Since July 1, 2021, the Company's governance structure is based on a Board of Directors.
The Board of Directors is comprised of 8 members among which 5 were qualified as independent by the Board of Directors in accordance with the criteria set forth in the Afep-Medef Code.
The Board of Directors benefits from the work of 4 specialized Committees that review specific matters: the Audit Committee, the Nomination, Remuneration & Governance Committee, the Strategic & Finance Committee and the Corporate Social Responsibility Committee.
An Executive Committee also supports the operational management of the Group.
Vallourec refers to the principles of corporate governance set out in the AFEP-MEDEF corporate governance code for French listed companies.
The Vallourec Executive Committee team is responsible for leading the Group’s operations. It implements the strategic decisions and orientations defined by the Board of Directors under the chairmanship of Edouard Guinotte.
Since 1 July 2021, Olivier Mallet has been the Group's Deputy Chief Executive Officer.
Born on 14 July 1956 in Neuilly-sur-Seine (France)Deputy Chief Executive Officer
The Board of Directors determines the Group’s strategic direction and ensures its implementation.
Vallourec’s Group refers to the corporate governance Code for French listed companies published by AFEP and MEDEF.
The Board of Directors of Vallourec is comprised of 8 members including 50% of women and 62% of independent Board members. It also includes 2 observers. Its decisions are made in light of the recommendations of 4 Board Committees:
• the Audit Committee,
• the Nomination, Remuneration & Governance Committee,
• the Strategic & Finance Committee and
• the Corporate Social Responsibility Committee.

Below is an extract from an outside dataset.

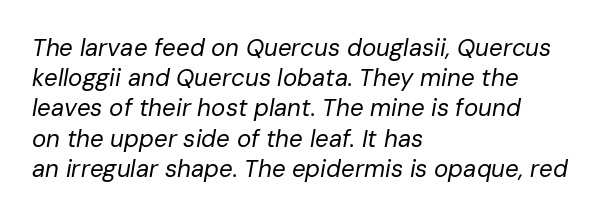
Honestly, the letter spacing is just normal — you wouldn't notice it. Glance below the letters and you will spot only blank space. This is oblique type, the kind used for emphasis or titles. Ink coverage per letter is moderate at most. Does the leading feel generous? No, just average.

Directors are elected for a four-year term (article 9 of the bylaws), in accordance with the recommendations of the AFEP-MEDEF corporate governance Code for French listed companies.
The Board’s composition reflects a diverse and complementary range of experience, nationalities and cultures, ensuring that the interests of all shareholders are taken into account.
Claire LANGELIER, Group General Counsel of Vallourec
Four committees assist the Board of Directors. They are consulted on matters prior to certain deliberations and issue proposals, recommendations and opinions in their respective areas of competence.
The Audit Committee reviews the quarterly results, the draft half-yearly and annual financial statements and assesses risk management and the internal control systems.
The Audit Committee is comprised of six members: Ms. Angela Minas (Chairwoman), Ms. Maria Silvia Marques, Ms. Corine de Bilbao, Mr. William de Wulf, Ms. Hera Siu and Mr. Gareth Turner.
The Nomination, Remuneration & Governance Committee reviews the composition and operation of the Board. It defines the compensation policy for the Group's executive directors, proposes a general long-term compensation policy and examines the annual plans for the allocation of options and performance shares.
The Nomination, Remuneration & Governance Committee is comprised of four members: Mr. Pierre Vareille (Chairman), Ms. Maria Silvia Marques, Mr. William de Wulf and Ms. Angela Minas.
The Strategic & Finance Committee reviews key subjects for the Group, issues recommendations on acquisitions, divestitures and partnership projects and studies all strategic matters of interest to the Group.
The Strategic & Finance Committee is comprised of three members: Mr. Gareth Turner (Chairman), Ms. Corine de Bilbao and Mr. William de Wulf.
The CSR Committee's mission is to ensure that the Group best anticipates the challenges, opportunities and extra-financial risks associated with its business in order to promote responsible and harmonious long-term value creation. It makes recommendations on the Group's policy and achievements in this area.
The CSR Committee is comprised of four members: Ms Corine de Bilbao (Chairwoman), Ms. Maria Silvia Marques, Ms. Angela Minas and Ms. Hera Siu.